=== THE INPUT ===
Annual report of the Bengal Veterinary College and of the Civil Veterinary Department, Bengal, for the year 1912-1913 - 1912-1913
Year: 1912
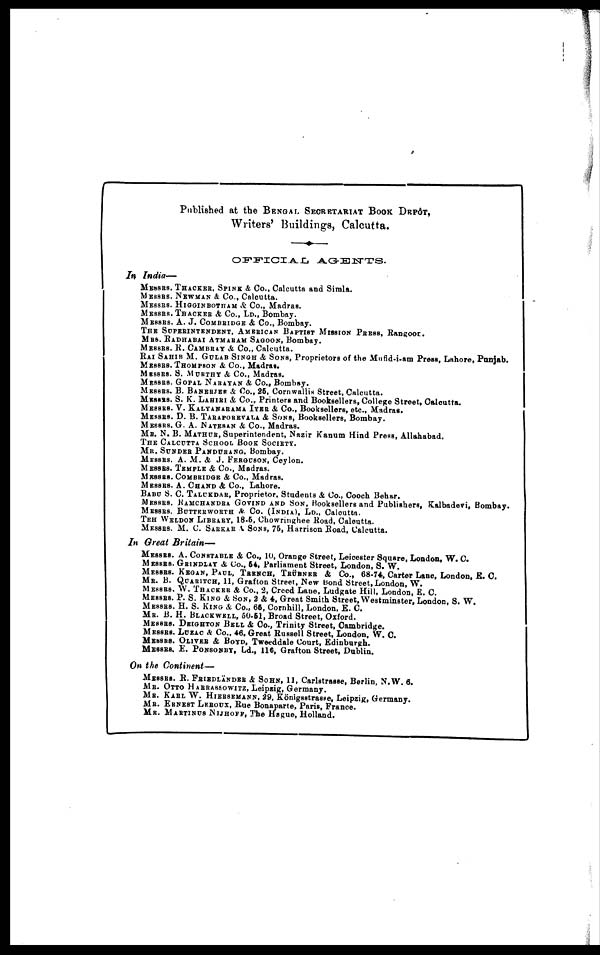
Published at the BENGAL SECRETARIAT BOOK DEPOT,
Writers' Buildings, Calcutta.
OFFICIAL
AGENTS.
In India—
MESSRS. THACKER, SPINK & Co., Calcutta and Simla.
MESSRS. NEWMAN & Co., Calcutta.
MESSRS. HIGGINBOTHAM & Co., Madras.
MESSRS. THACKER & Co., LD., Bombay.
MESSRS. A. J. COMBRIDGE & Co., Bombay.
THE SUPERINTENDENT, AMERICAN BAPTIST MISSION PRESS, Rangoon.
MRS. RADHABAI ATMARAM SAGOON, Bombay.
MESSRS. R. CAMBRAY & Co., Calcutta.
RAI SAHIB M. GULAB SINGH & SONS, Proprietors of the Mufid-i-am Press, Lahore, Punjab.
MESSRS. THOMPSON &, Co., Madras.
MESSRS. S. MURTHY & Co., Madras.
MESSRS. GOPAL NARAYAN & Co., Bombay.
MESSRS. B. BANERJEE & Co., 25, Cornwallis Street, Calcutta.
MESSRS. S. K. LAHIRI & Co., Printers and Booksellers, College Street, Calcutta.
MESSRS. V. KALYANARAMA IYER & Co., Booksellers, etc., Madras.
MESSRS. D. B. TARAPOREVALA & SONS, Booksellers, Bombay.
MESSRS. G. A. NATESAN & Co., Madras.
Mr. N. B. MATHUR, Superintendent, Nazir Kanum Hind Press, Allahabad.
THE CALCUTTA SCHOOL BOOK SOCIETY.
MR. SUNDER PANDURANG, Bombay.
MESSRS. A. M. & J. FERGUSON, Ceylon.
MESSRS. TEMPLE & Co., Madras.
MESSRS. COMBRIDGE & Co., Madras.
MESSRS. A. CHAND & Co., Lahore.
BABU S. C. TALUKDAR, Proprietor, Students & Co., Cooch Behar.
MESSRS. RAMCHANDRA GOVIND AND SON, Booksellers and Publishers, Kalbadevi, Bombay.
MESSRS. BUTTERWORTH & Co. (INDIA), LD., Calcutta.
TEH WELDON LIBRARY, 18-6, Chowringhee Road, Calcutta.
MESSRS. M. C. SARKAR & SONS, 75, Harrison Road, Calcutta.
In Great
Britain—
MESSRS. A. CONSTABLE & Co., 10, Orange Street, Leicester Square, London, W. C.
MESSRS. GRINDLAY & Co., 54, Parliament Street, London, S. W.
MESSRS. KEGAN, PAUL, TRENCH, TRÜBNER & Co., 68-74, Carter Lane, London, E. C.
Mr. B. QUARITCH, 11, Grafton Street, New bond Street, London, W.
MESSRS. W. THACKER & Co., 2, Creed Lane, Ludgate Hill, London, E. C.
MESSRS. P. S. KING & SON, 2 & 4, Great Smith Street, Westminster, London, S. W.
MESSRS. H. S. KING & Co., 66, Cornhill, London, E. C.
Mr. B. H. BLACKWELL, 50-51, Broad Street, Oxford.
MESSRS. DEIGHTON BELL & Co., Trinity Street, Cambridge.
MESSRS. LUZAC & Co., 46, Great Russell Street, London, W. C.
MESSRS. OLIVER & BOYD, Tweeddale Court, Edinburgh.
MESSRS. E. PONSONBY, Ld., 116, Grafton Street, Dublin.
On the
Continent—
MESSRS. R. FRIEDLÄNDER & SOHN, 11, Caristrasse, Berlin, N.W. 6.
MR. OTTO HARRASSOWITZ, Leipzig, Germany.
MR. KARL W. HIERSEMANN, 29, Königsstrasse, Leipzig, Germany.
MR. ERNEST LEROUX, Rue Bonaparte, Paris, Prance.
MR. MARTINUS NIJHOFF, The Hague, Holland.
===
EXERCISE AIM:
Go through the records above. Copy each line in which the string "Great" appears.

SOLUTION:
In Great
MESSRS. P. S. KING & SON, 2 & 4, Great Smith Street, Westminster, London, S. W.
MESSRS. LUZAC & Co., 46, Great Russell Street, London, W. C.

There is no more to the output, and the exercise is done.